What miracle berries do to your palate

It was surreal. The small room was filled with around thirty people – some with their faces painted white – walking around in disposable white boiler suits. We looked like workmen from outer space. Moreover, we’d been given miniature test-tubes of different flavoured liquids to add to our champagne to make instant, DIY cocktails – which made our glasses sparkle with exotic jewel colours of electric blue, turquoise and fuchsia. Though normally adventurous in matters related to food and drink, I chose to keep my champagne natural. After all, I was going to put my tastebuds through enough for one evening.

This was UK’s first known public flavour tripping party, organised by self-styled ‘jellymongers’ Bompas and Parr an innovative company that organises culinary events that, according to co-founder Sam Bompas, “exist in the space between food and architecture”. ‘Flavour tripping’ is a term that is used to describe the changes that occur to one’s palate after eating ‘miracle berries’ (synsepalum dulcificum), a fruit native to Ghana. The fruit makes sour foods, in particular, taste sweet; and other distinctively flavoured foods taste fundamentally altered. Hence the boiler suits: a jokey warning to ‘enter at your peril’. Already huge in the US, flavour tripping parties are now set to take off in the UK.

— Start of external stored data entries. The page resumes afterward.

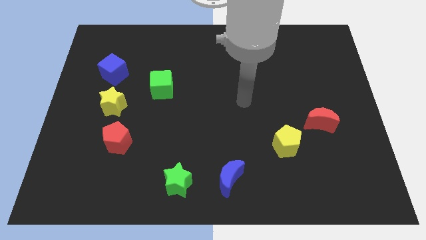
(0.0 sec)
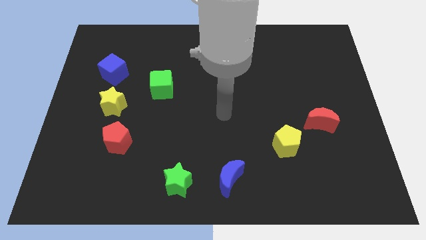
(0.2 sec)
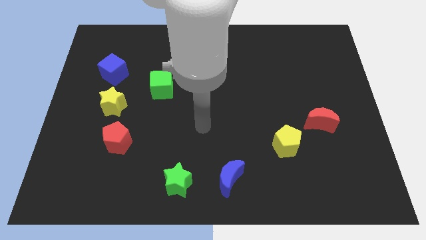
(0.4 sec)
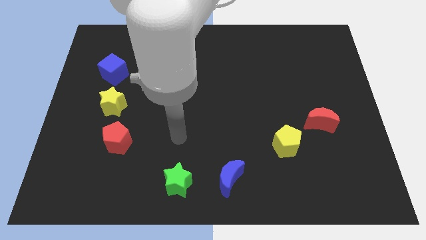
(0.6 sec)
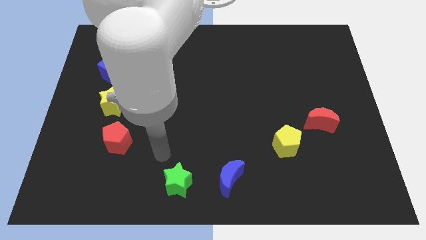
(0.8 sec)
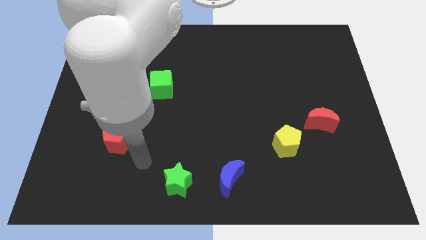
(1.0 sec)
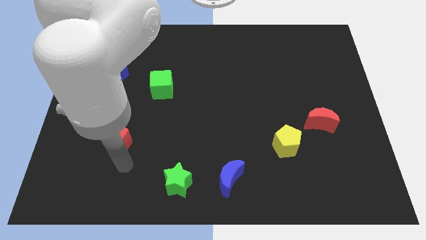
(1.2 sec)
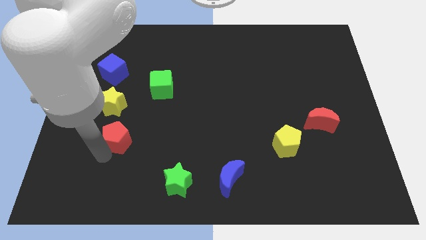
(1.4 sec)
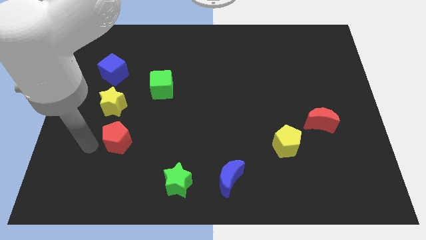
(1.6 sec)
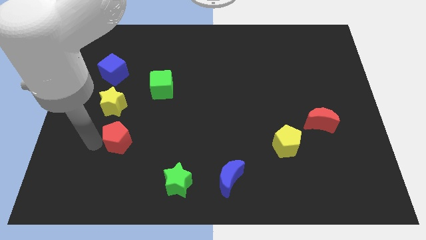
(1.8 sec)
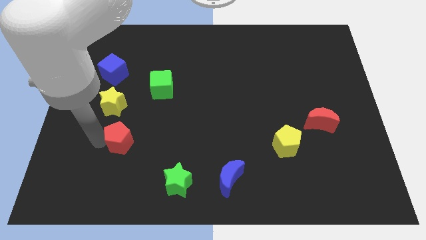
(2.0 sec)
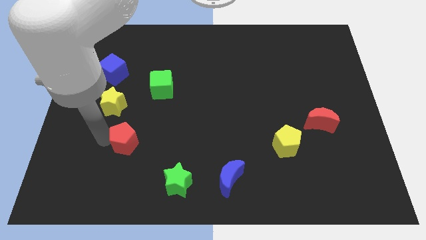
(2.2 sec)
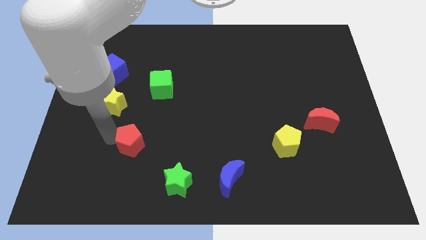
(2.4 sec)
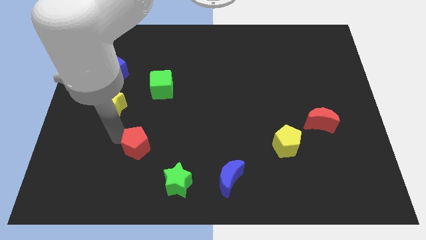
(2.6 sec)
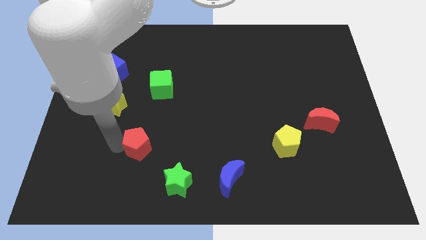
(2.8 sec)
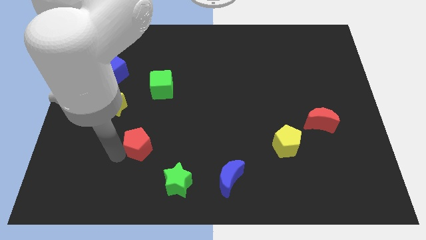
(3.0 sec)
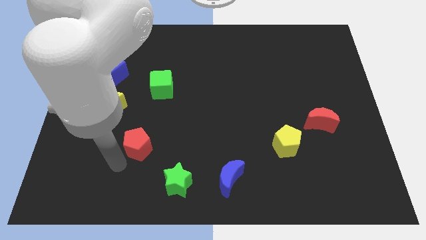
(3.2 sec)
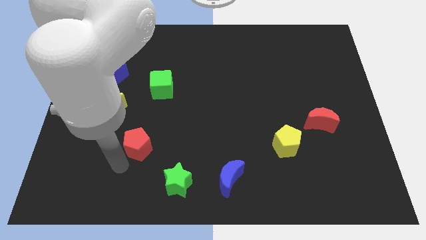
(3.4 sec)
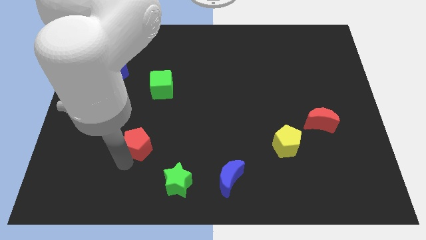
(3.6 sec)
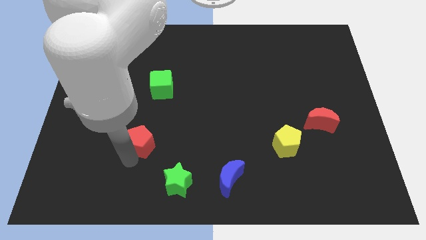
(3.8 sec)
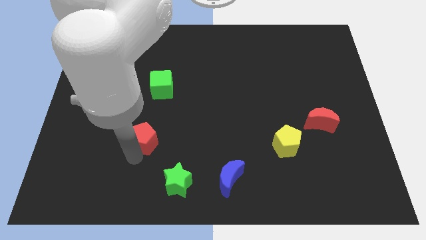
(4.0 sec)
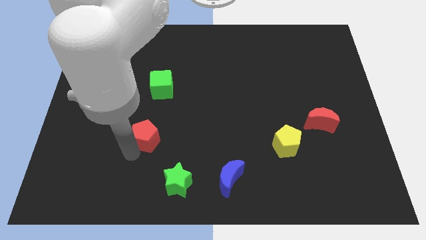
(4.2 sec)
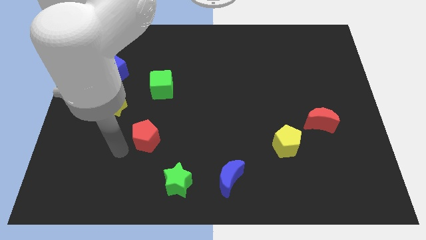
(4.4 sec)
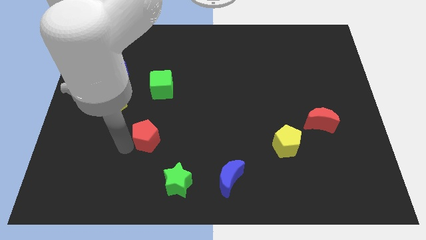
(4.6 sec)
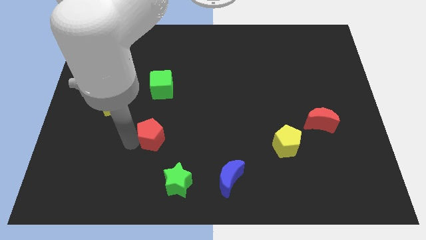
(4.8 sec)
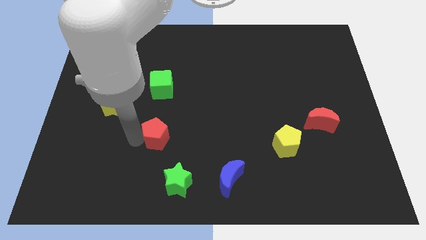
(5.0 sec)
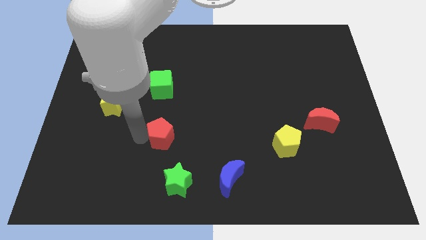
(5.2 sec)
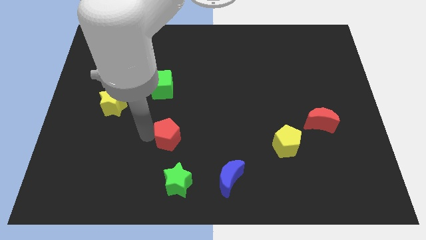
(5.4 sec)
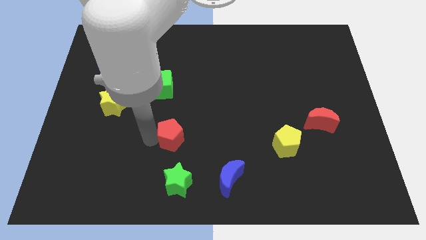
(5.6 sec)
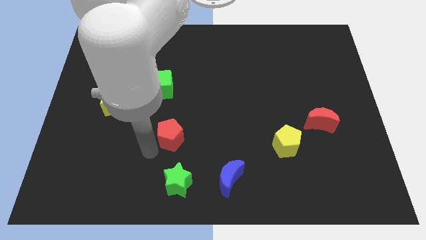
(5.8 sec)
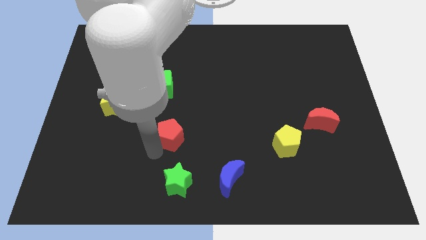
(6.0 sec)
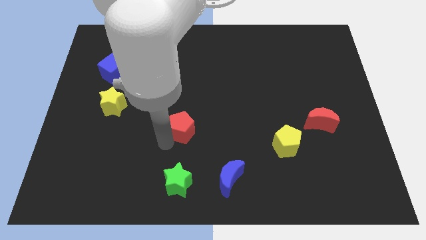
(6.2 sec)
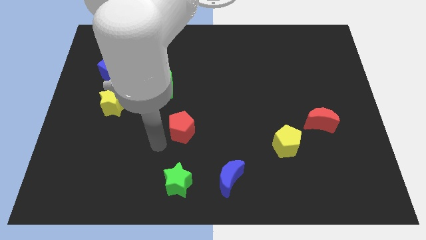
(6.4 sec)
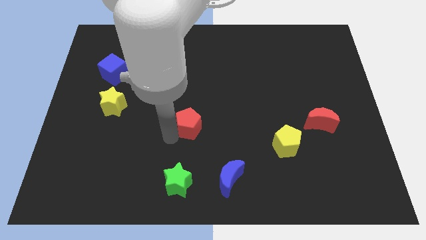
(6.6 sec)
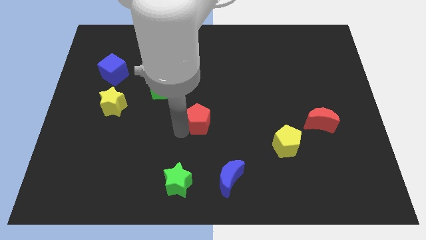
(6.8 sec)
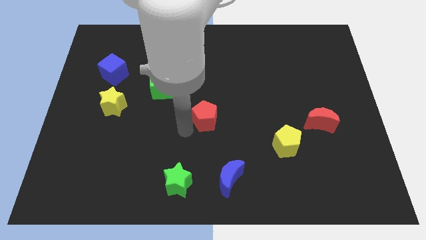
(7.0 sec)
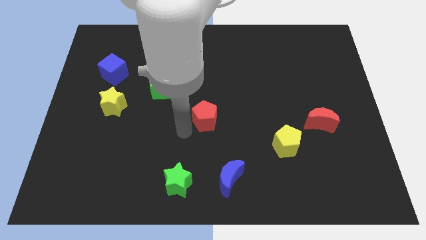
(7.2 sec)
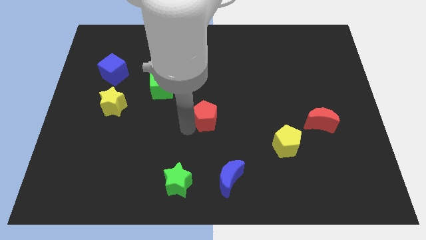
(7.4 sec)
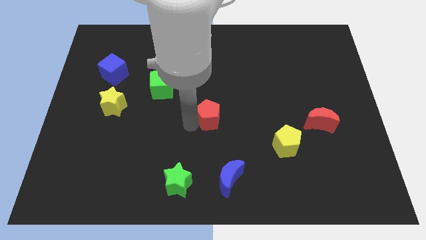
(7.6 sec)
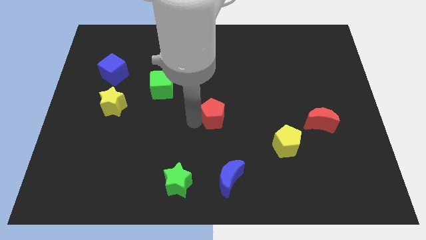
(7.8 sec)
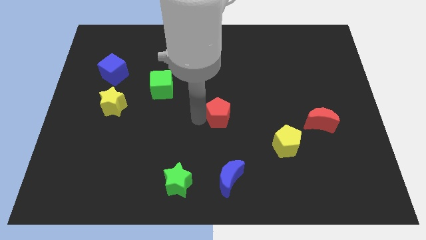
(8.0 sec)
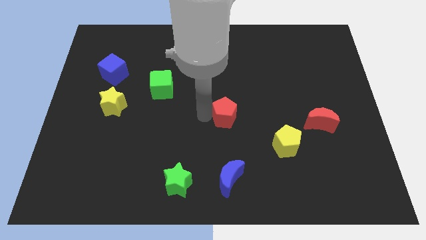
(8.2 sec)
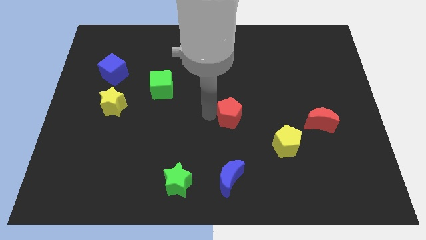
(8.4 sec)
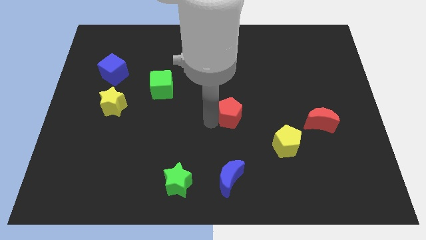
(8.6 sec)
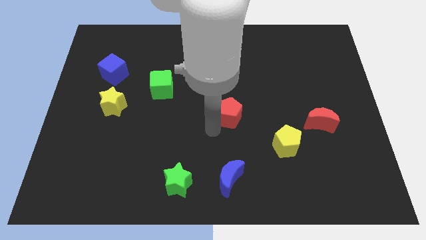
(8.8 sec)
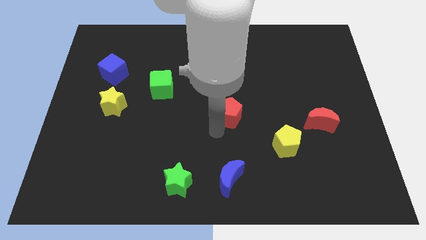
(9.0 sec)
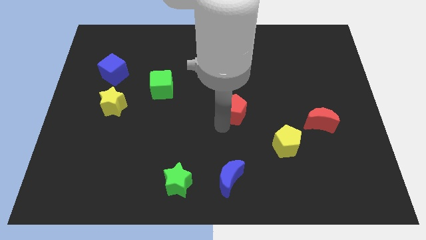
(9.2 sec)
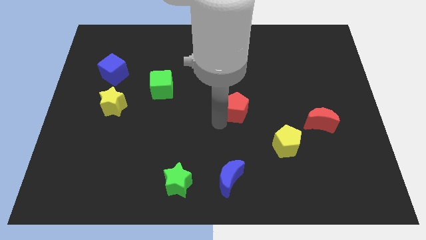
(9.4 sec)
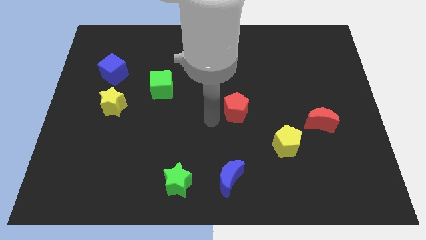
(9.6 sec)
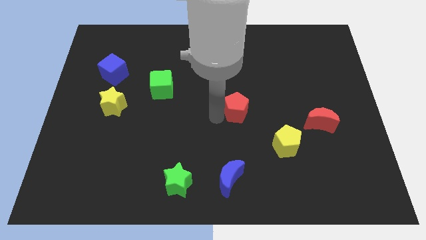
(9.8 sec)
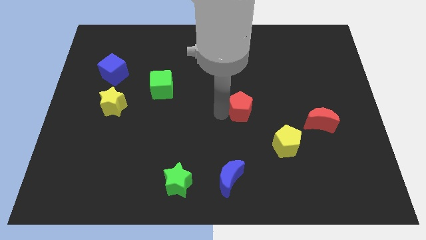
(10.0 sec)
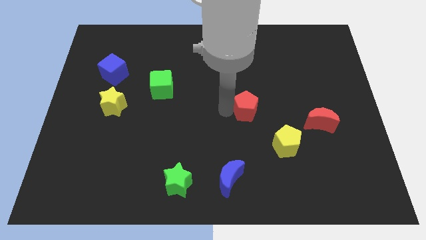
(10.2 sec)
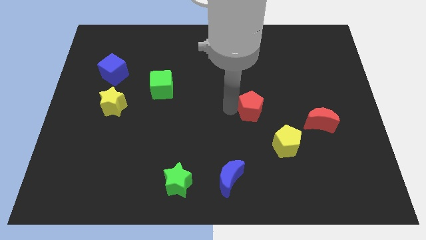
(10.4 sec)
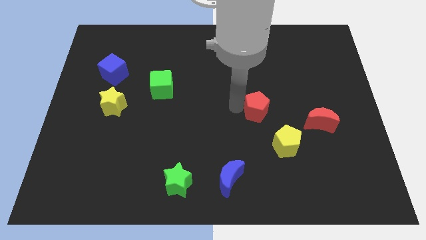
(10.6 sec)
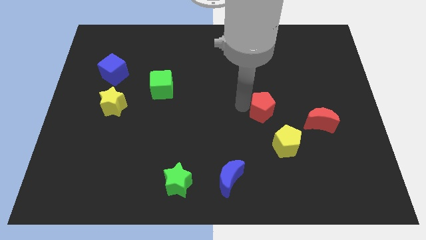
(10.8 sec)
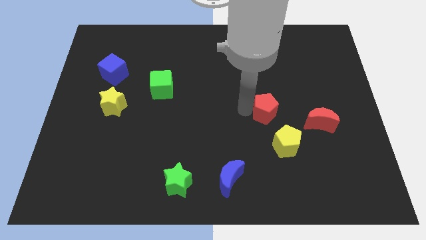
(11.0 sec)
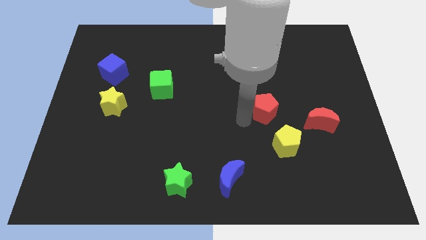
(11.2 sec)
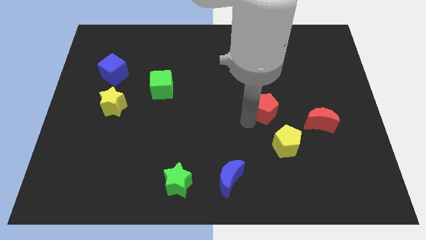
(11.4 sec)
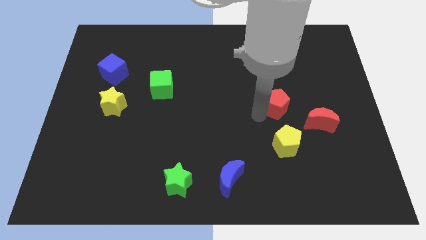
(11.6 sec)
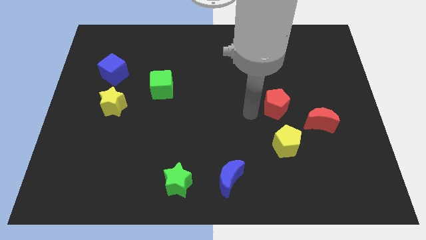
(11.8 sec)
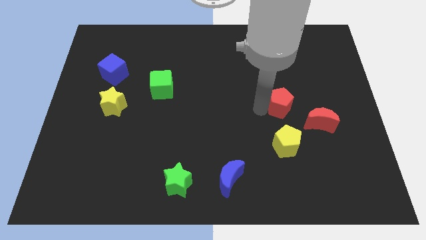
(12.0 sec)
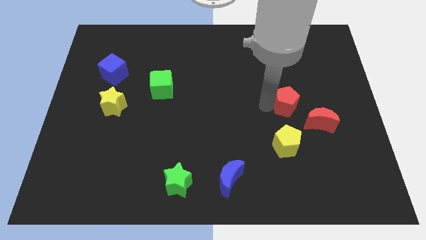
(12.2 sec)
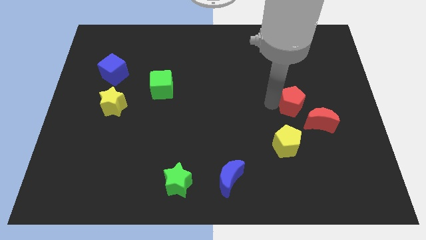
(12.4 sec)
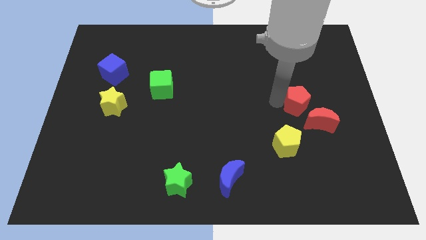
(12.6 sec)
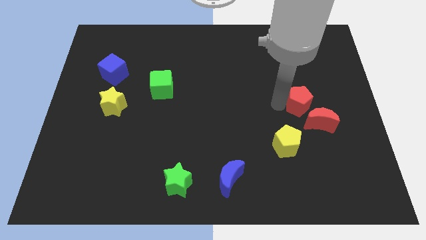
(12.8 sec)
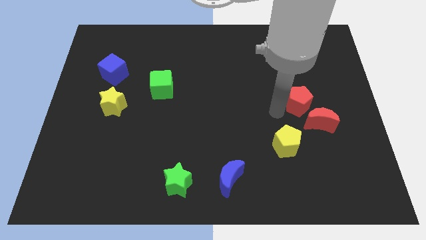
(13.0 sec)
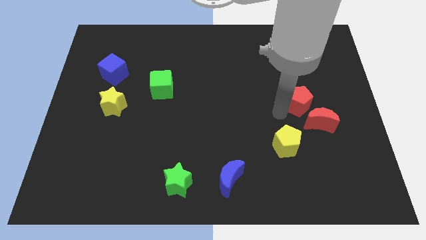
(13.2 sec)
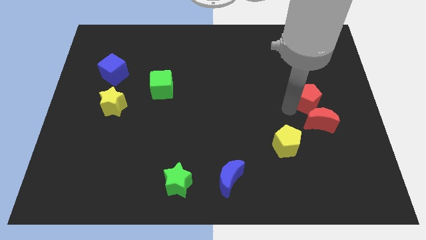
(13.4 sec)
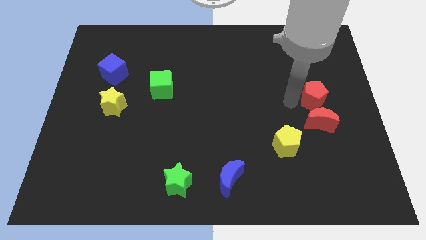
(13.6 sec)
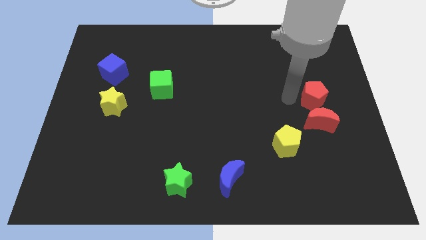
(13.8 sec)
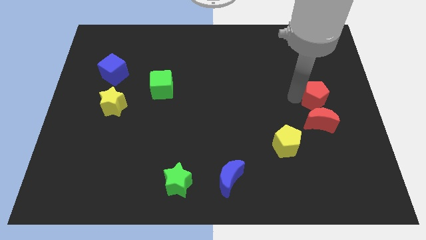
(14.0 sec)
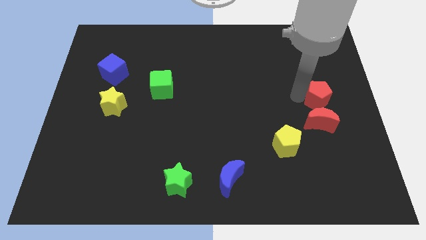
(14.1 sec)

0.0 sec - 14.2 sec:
slide the red pentagon to the center right

The miracle berries are rarely eaten fresh – except in West Africa, where they’re eaten straight from the bush in order to make mundane, everyday items like maize porridge taste more palatable. Most berries available in the West are freeze-dried, or made into potent purple-pink pills, each of which contains the extract of three berries. We were handed a pill each, and asked to roll it slowly around our tongue for five minutes. The pill must cover every surface of the tongue in order to ensure an effective flavour trip. It tasted pleasantly tangy, rather like a mild cranberry.

Then we were led down what felt like a rabbit hole to a basement room where the lights had been dimmed, and the thump-thump-thump of trance-like music played in the background. In the centre of the room was a table piled with fruits and vegetables, and at the back a shelf laden with popular branded condiments and drinks. Normally I would eat and drink with all my senses alert, but as the visual impact was lost in the darkness and my palate was confused, I began to feel disorientated.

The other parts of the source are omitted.